冷静,冷静。
心中默念几遍后,她抬起眼放柔了瞳色,在他沉着脸猛地袭来的时候,倏地扬起头靠在他结实的颈窝处与他交颈,并带着安抚的意味在上面轻轻蹭了下,感觉到他身子一僵,她心中松了口气,轻轻开口:“我不知王爷为何发怒,只是可否先听我一言?”
缪靳深沉晦暗的眸子在她乌黑的发上,和她白腻的后颈处定了两息,身子一动,便旋身倚坐在床杆处,而她的身子亦被他带着团坐在他的怀里。
感受到她柔软的双手紧紧扒在自己肩上,他亦只是淡淡瞥过,便低眸看着她,语气莫辨道:“说。”
纪妤童僵着身子坐在他炽烫的大腿上,两条小腿被夹在他结实的双腿中间,腰被同样炽烫的大手一寸不离的紧扣着,双手则也被一只大手穿插其中抚玩着。
她定了定神,说话前下意识舔了舔发干的唇瓣,垂眸思索间亦未曾注意到他倏地暗沉下去的眸色。在心中打好腹稿后才仰起头收起之前的攻击性,露出她这张极易令人产生好感并卸下心防的脸,无比真诚道。
“我思来想去亦不知自己哪里惹到了王爷,只王爷也知,我向来不善与人来往,一直便在我那小楼安然独居,对一些事物的看法想来也都与旁人有异。我如何都不曾想到自己此行会遭遇种种足以颠覆人生的变故。大哥亦不在身旁,我心中惊惶惧怕更是无人可诉。”
“又惊闻大哥好友靳公子你竟是名震天下的北疆王,如此高高在上天神一般存在的人物于身份上的突变,对我一草根农女而言更不亚于一道惊雷劈下。种种事情堆在一切,却无人可与我排解,我心中便只想回到自己的家里。遂,您竟然要让我入王府的决定,更是吓到了我。我知您是为我的名声着想,只我如今脑子乱成一团,您可否给我时间让我想一想?”
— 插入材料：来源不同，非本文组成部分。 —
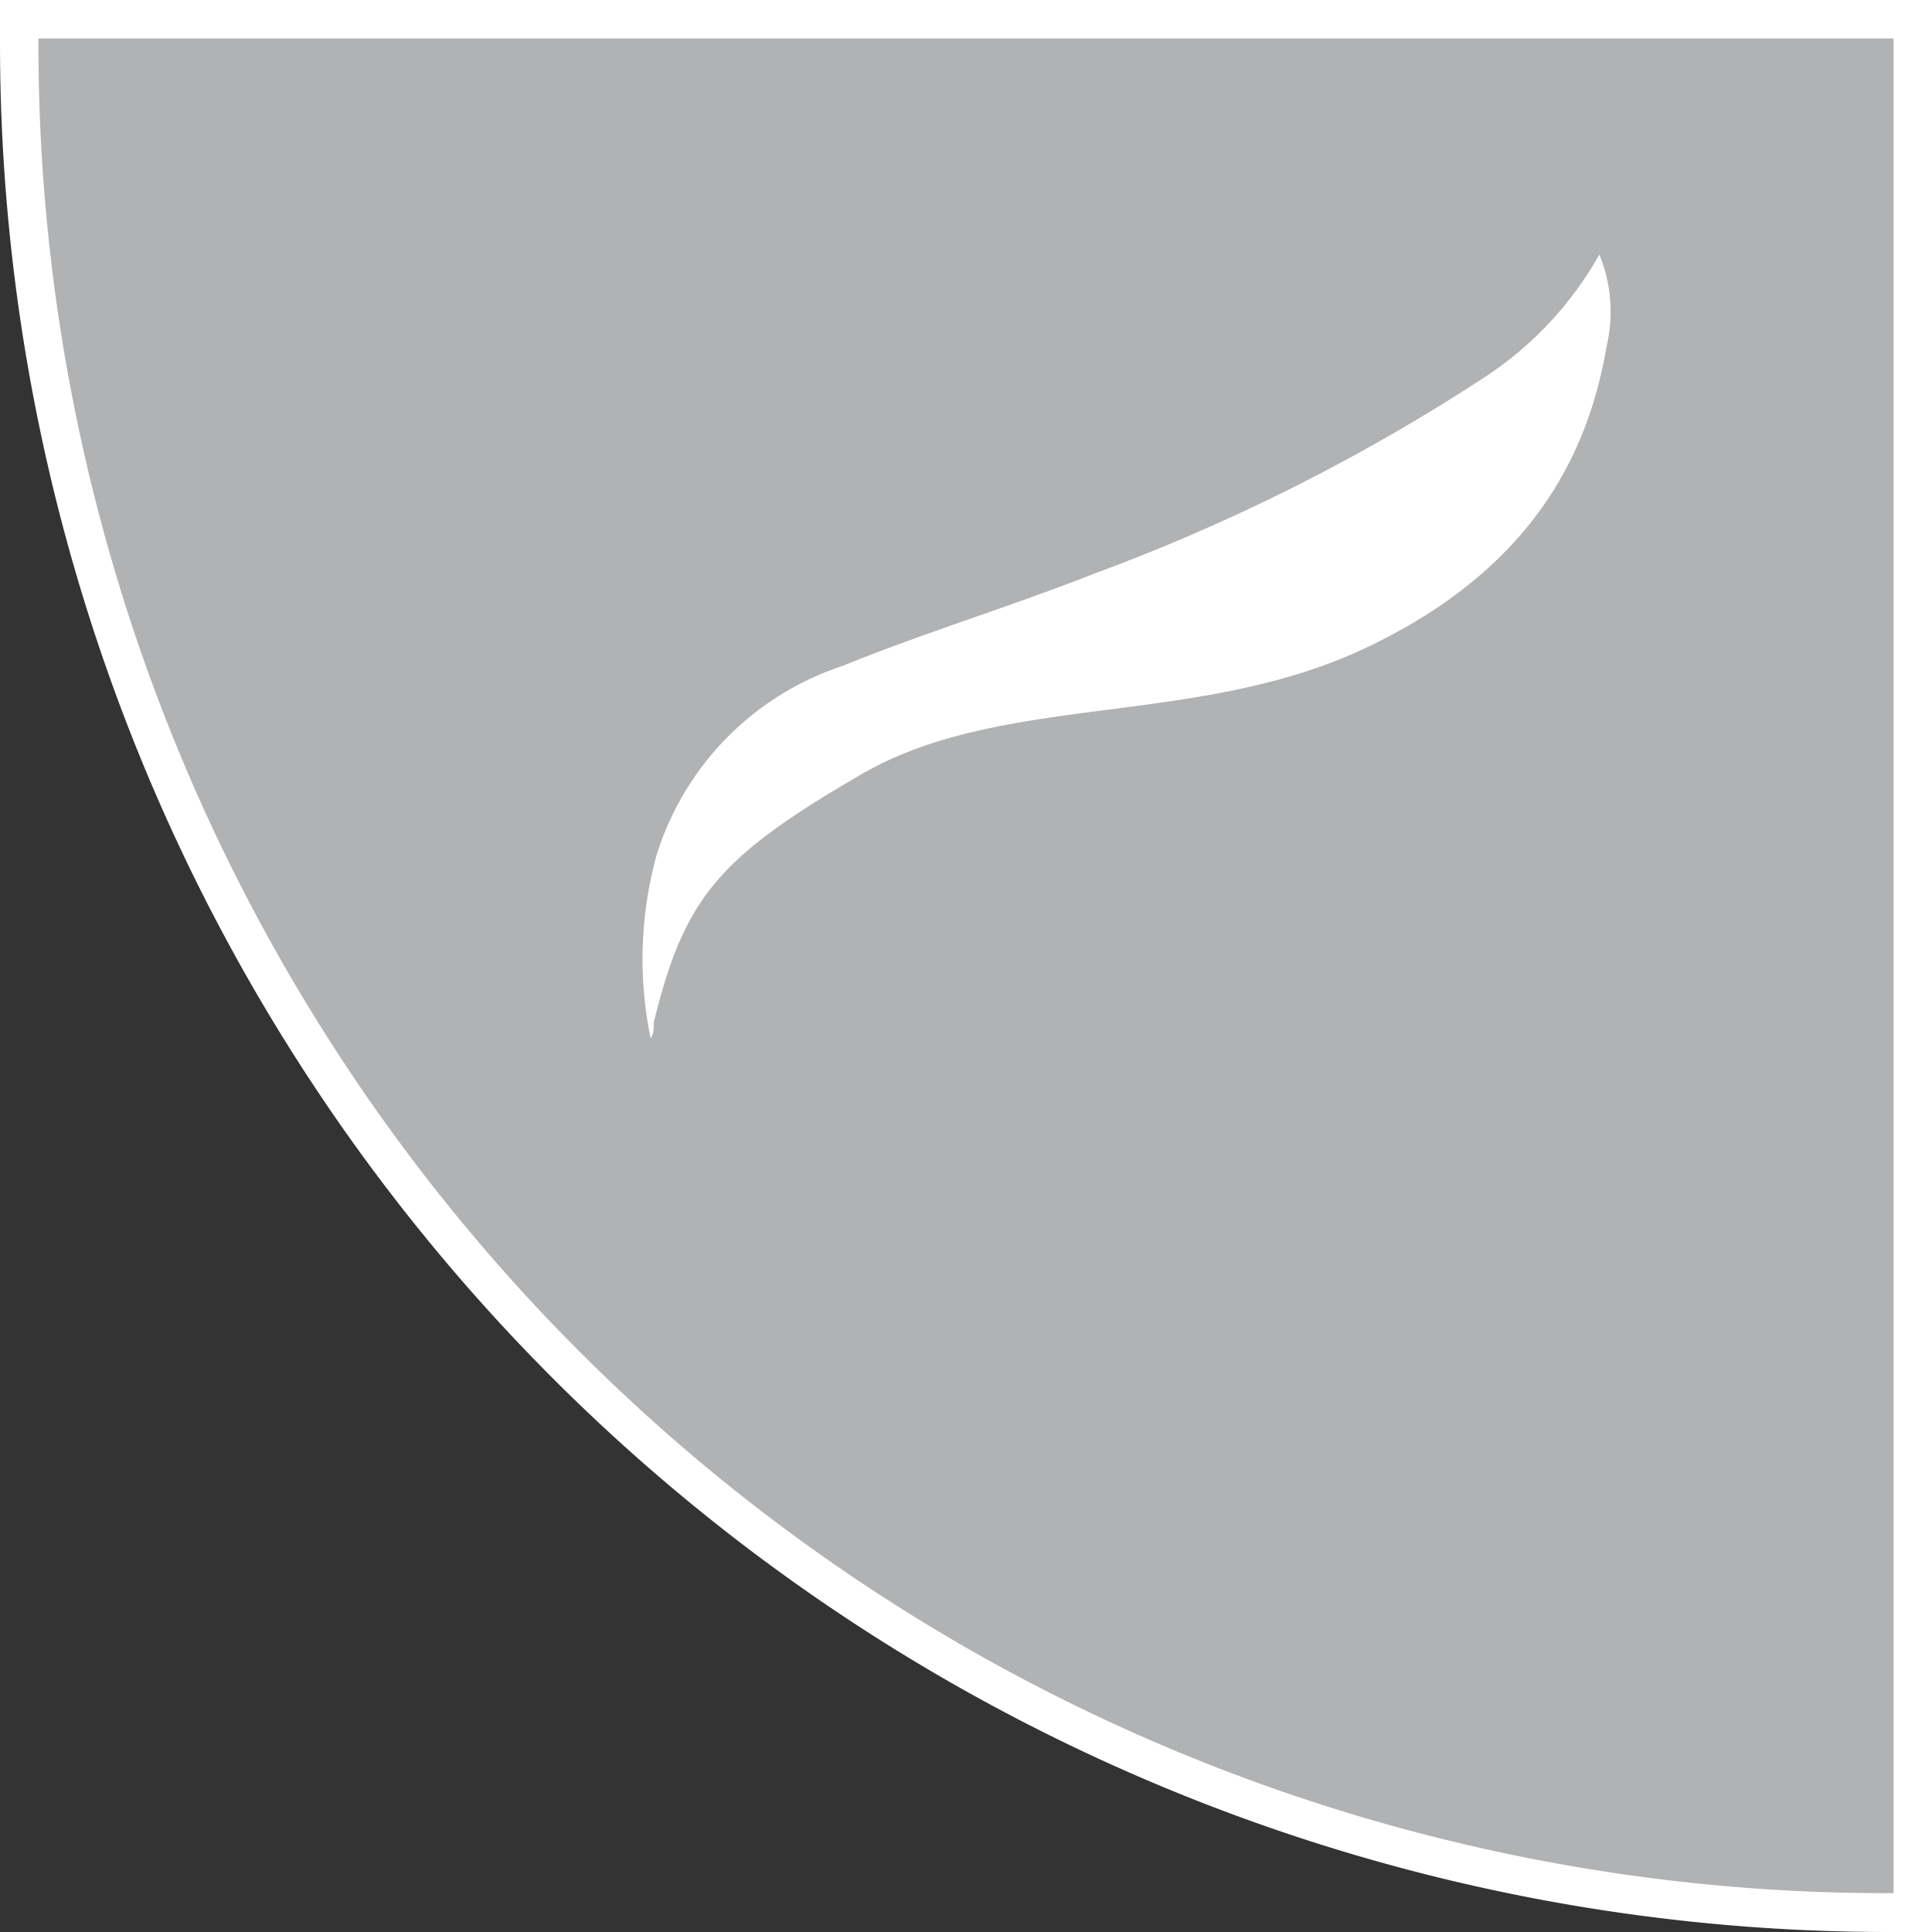 <svg id="Sommaire" xmlns="http://www.w3.org/2000/svg" viewBox="0 0 50.24 50.24"><rect x="0" y="0" width="50.24" height="50.24" fill="#333333" stroke="none"/><defs><style>.cls-1{fill:#b1b2b3;}.cls-2{fill:#fff;}</style></defs><title>medaille_argent_entoure</title><g id="Textes"><g id="Badges"><path class="cls-1" d="M49.06,49.74A48.61,48.61,0,0,1,.5,1.18l0-.59L1,.5H49.74V49.73h-.68Z"/><path class="cls-2" d="M49.24,1V49.23h-.18A48.06,48.06,0,0,1,1,1.18V1H49.24m1-1H0V1.18A49.12,49.12,0,0,0,49.06,50.24h1.18V0Z"/><path class="cls-2" d="M16.92,27a10.17,10.17,0,0,1,.15-4.75,7.53,7.53,0,0,1,4.83-4.93c2.17-.88,4.42-1.56,6.6-2.42A50.38,50.38,0,0,0,38.59,9.82a9.21,9.21,0,0,0,3-3.2A3.92,3.92,0,0,1,41.78,9c-.47,2.75-1.89,5.79-6.29,7.86S26.07,18,22.39,20.14,17.8,23.32,17,26.59C17,26.74,17,26.89,16.92,27Z"/></g></g></svg>

清凌柔软的女声带着无尽的惶惶与不安轻声诉语,任是谁听了都要忍不住软下心肠,答应了她。
可缪靳却只淡淡勾了下唇,讳莫如深的鹰眸审视着她脸上真情流露的动人神态,心中却一个字都不信。能够一个人避人而居在半山腰上的女子,她的定力,忍耐力,生存能力,都绝非常人。
坦然无畏为一个陌生男子医治疗伤,又亲历杀手而能提前预警躲过一劫,亲眼见到杀人,却能迅速冷静的女子,一个能大胆得不远千里女扮男装来到这陌生的城池而安之若素的女子,一个能在中了烈性媚药频频发作,却仍能坚持清醒伺机逃离,出其不意玩得一手灯下黑躲在花缸里忍受得了欲望的煎熬折磨的女子,会因为不痛不痒的身份变化而害怕?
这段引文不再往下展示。